Tool-Use Schemes¶
How an agent's tools are shown to the LLM — and how the LLM's calls are turned
back into dispatched actions — is a pluggable scheme. Reyn ships four, and
you select one per layer in reyn.yaml. The defaults are enumerate-all for the
chat layer and universal-category for step / phase; any layer can
be switched to another scheme via config.
The key invariant: the scheme only changes the LLM-facing surface. Every tool call, whichever scheme produced it, is routed through the same OS gate — exclusion check → permission check → dispatch. Swapping schemes never changes what is allowed, only how the LLM is asked to express a call. See Permission model.
The four schemes¶
A cross-scheme finding (H1): tool-name visibility predicts invocation
success. Schemes that place the callable name directly in the LLM-facing
surface (enumerate-all, CodeAct) let the model invoke without guessing;
schemes that put the name behind an indirection it must first traverse
(universal-category's discover→invoke, retrieval's search-first) invite
name-hallucination on non-hot-list tools. This is why the chat default moved to
enumerate-all.
enumerate-all (chat default)¶
Presents every usable tool flatly in the LLM's tool list and dispatches by
name — the plain, native-JSON baseline with no discovery indirection. This is
the default for the chat layer: flat-listing actions lets the LLM
invoke them directly, avoiding the invoke_action name-hallucination that the
discover-then-call indirection induced (measured ~30%→100% non-hot-list tool-use
on the chat path). Leaving tool_use.chat unset keeps it.
Use when: the default for chat — direct, deterministic name→dispatch. The
trade-off is a visibility cost, not a weak-model penalty: request size grows
linearly with the catalogue (H1 measured ~67 tools ≈ ~50KB of tool surface,
~3.2× the universal-category request) because every name is shown up front.
That visibility is precisely what fixes weak-model tool-use; the cost is tokens,
which only bites at very large catalogues (see universal-category).
universal-category¶
The universal action catalog: every action — a workflow, an
MCP tool, a memory entry, a file op, an indexed corpus — is addressed by a single
qualified name and reached through a small fixed set of wrappers (discover →
describe → invoke). The LLM-facing tool list stays constant as the catalogue
grows. The default for the step / phase layers; set tool_use.chat:
universal-category to use it for chat too.
Use when: a very large / fast-growing tool set where flat-listing every action in the request would cost too many tokens — the wrappers keep the LLM-facing tool list constant.
retrieval¶
RAG-over-tools. Instead of presenting the whole catalogue, it presents a search
tool; the LLM searches, the OS re-presents only the matched actions as callable
tools, and the LLM calls one. A supported opt-in alternative to the chat
default — it requires action_retrieval.embedding_class set to a configured
embedding provider (the search is semantic). Because matching is semantic, its
quality depends on the embedding index, so it suits stable, well-indexed
catalogues.
Use when: the tool set is very large and presenting it in full would cost too many tokens — the search narrows the candidates before the call.
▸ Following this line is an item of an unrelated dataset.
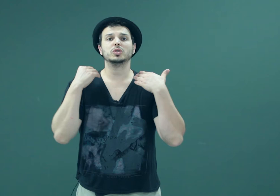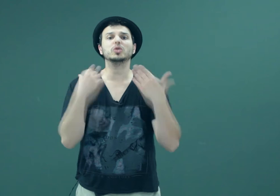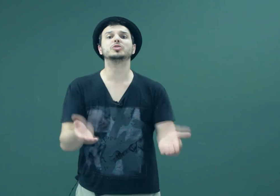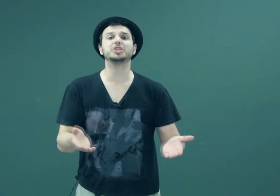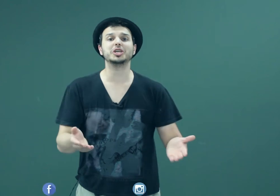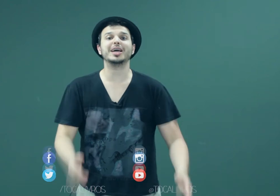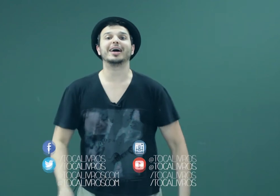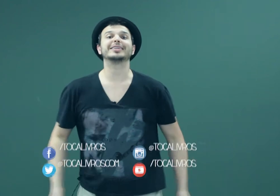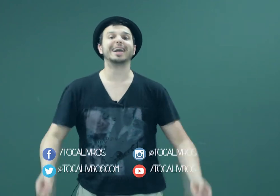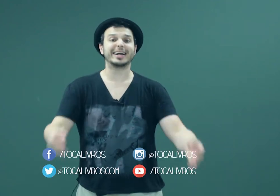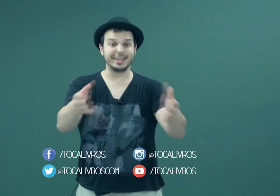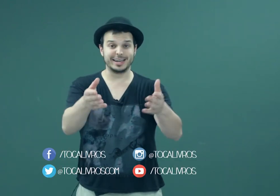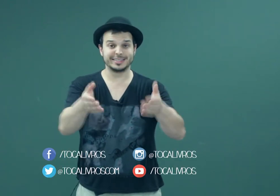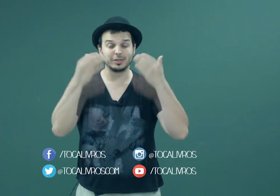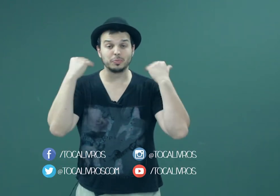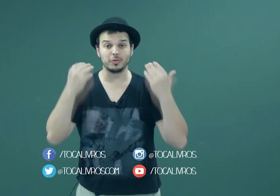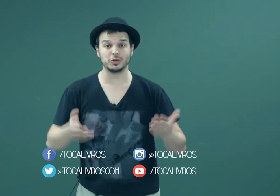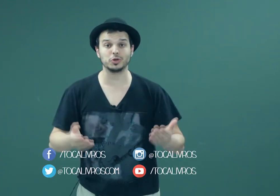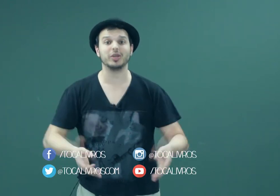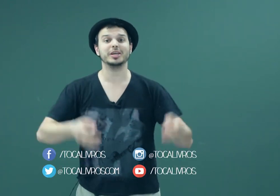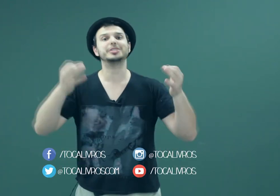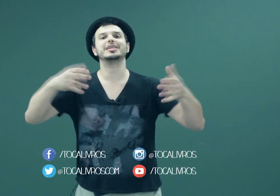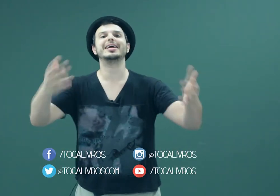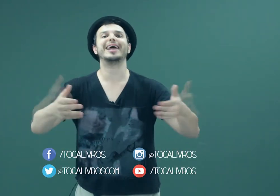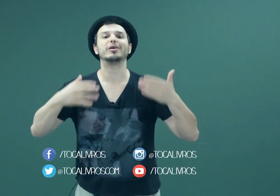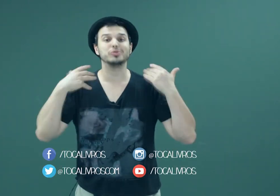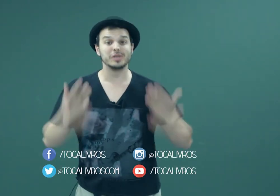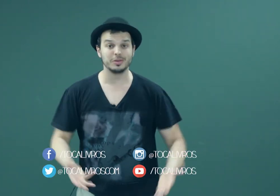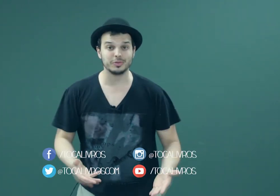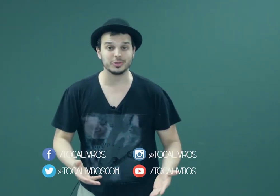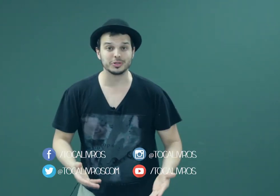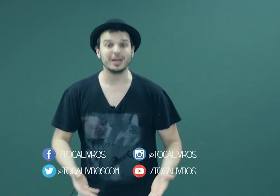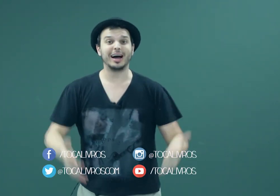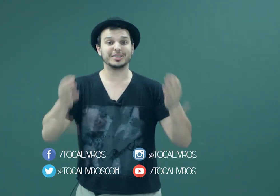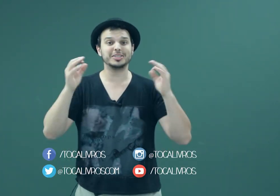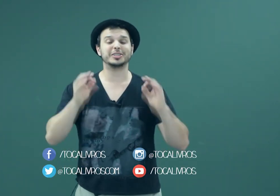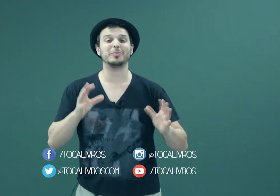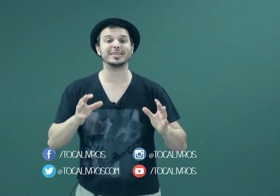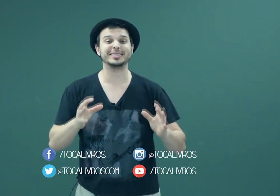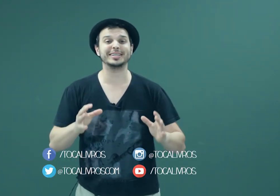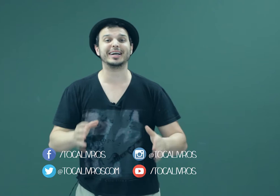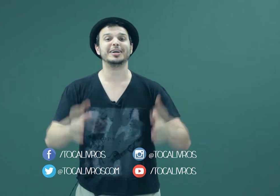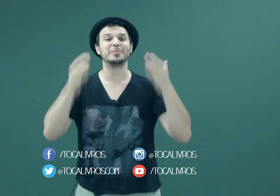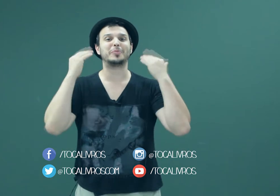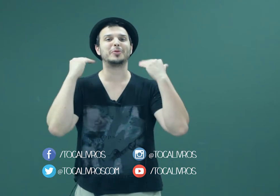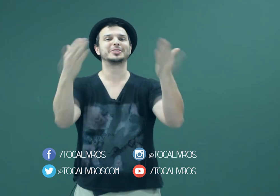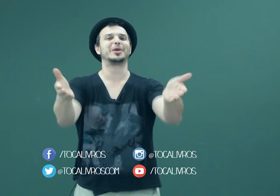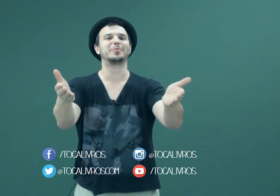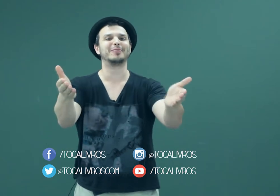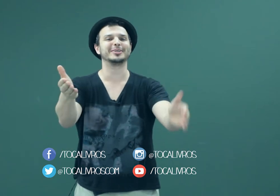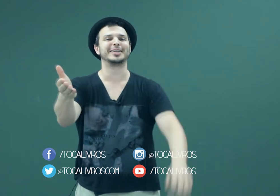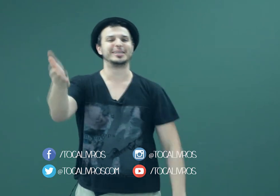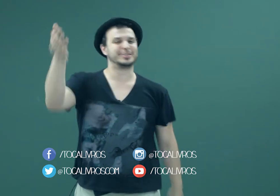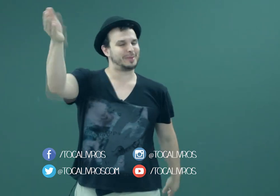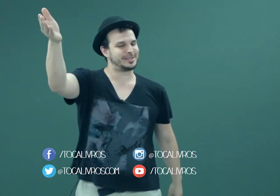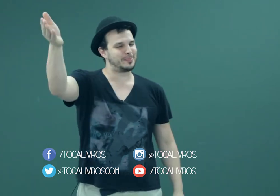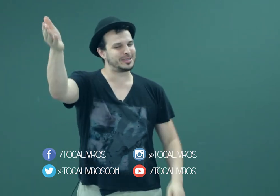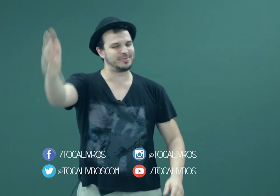No dia da criança, do professor e de ler audiolivros, a gente tem uma dica e uma promoção pra vocês, mas depois da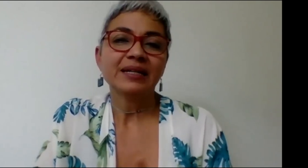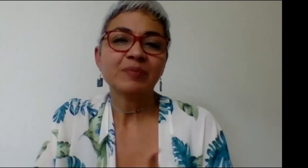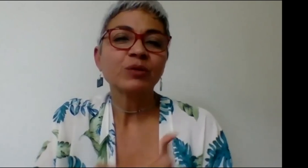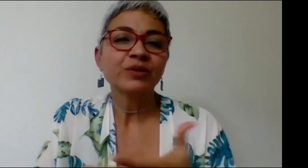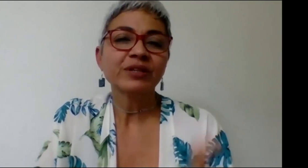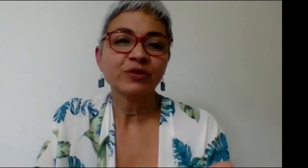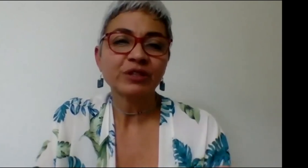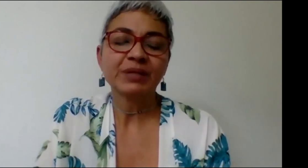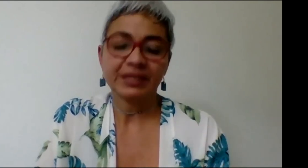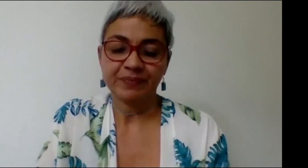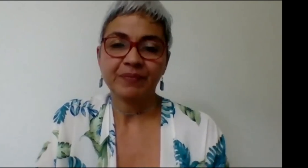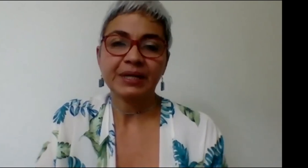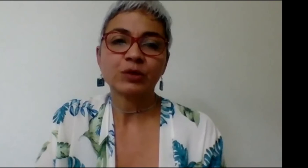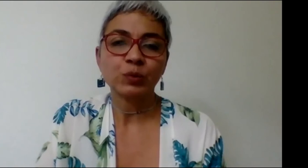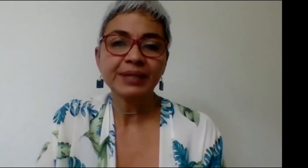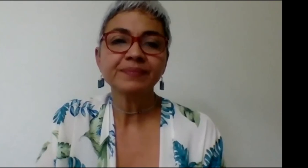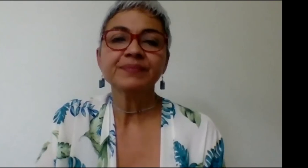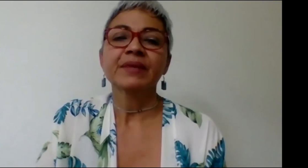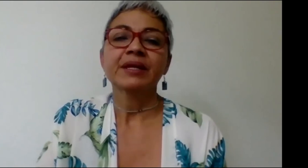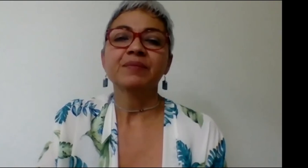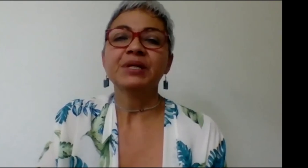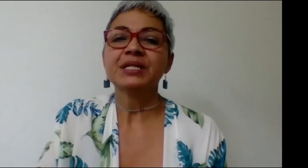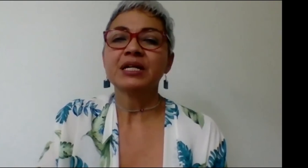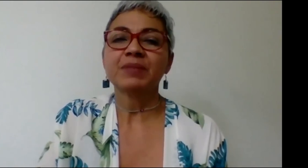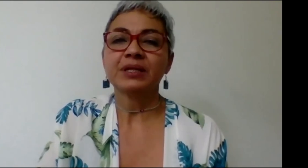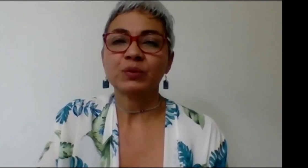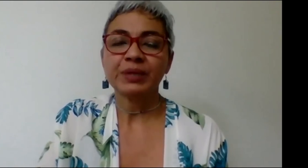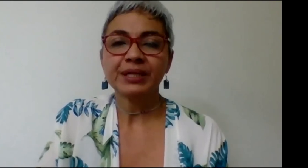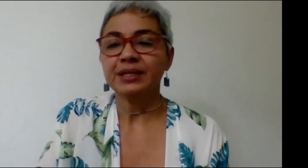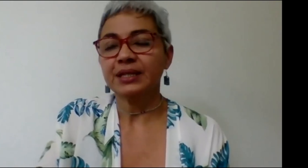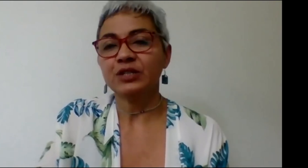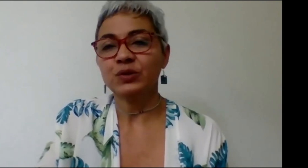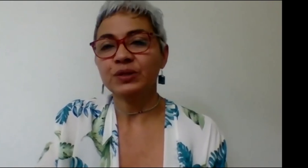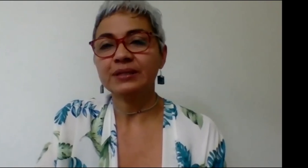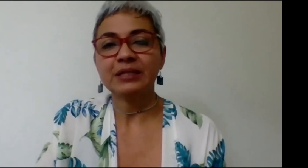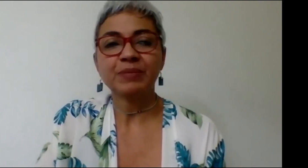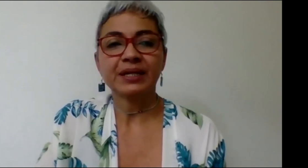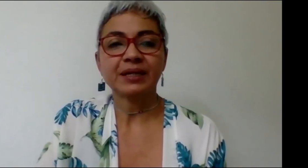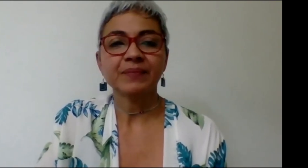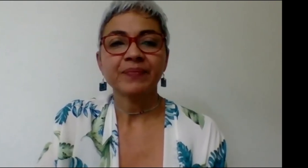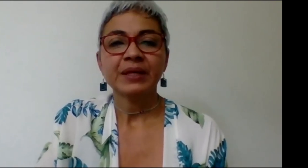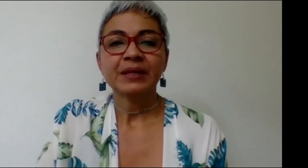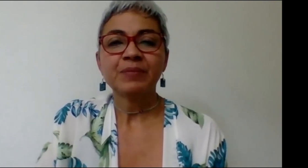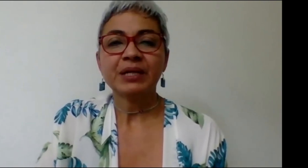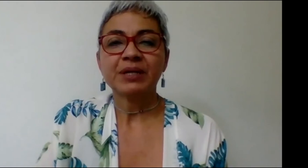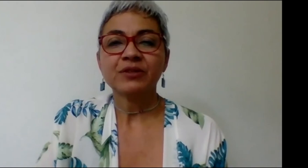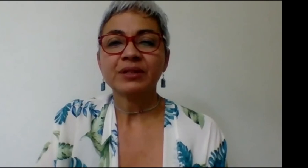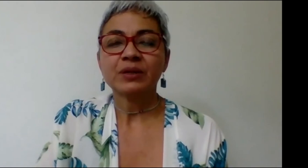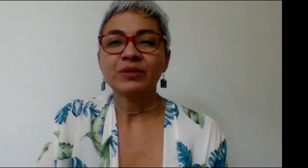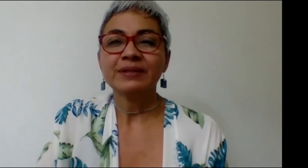pregunta entonces para Rubén Pichica para Rubén Cachotis y para y para Mario Santa Cruz

Measured (weak-model 4-way refresh): retrieval
is clean on single-step reads and read→transform→write chains, but on read-heavy
multi-file tasks the weak model reads files sequentially and the search→re-present
per-round overhead makes it slow (timeout-prone) — correct-but-slow, a tuning cost,
not a cognition gap (uncapped, it completes the same task). So retrieval is a
catalogue-scaling opt-in, not a weak-default replacement: enumerate-all remains
the weak-model chat default (highest task-completion and fastest-terminating in the
comparison). See the 4-way refresh journal under
docs/deep-dives/journal/dogfood/2026-06-17-4way-retrieval-refresh/.
CodeAct¶
Code-as-tools. The LLM writes a short Python snippet, and tool calls happen as
in-code tool(...) calls. The snippet runs in a sandboxed subprocess, and
each in-code call round-trips through the same permission gate as a JSON tool
call — a CodeAct call is gated at least as strictly as the equivalent JSON
call, plus sandbox containment.
Use when: running weak / low-cost models, where expressing tool use as code measurably outperforms JSON tool-calling.
Per-layer selection¶
The scheme is chosen independently for each of the three layers an agent runs:
# reyn.yaml
tool_use:
chat: enumerate-all # top-level chat router (default)
step: universal-category # plan / skill steps (default)
phase: universal-category # OS phases (default)
Any layer can use any registered scheme; the others are unaffected. Full per-key
reference: reyn.yaml § tool_use.
Why this is safe to swap¶
The scheme is presentation and parsing — pluggable data the OS reads. The load-bearing parts are not part of the scheme:
- The LLM still may only call tools the OS has made eligible (the candidate set); a scheme cannot widen that.
- Every call still passes the exclusion + permission gate before dispatch.
- Validation of the call and its result is unchanged.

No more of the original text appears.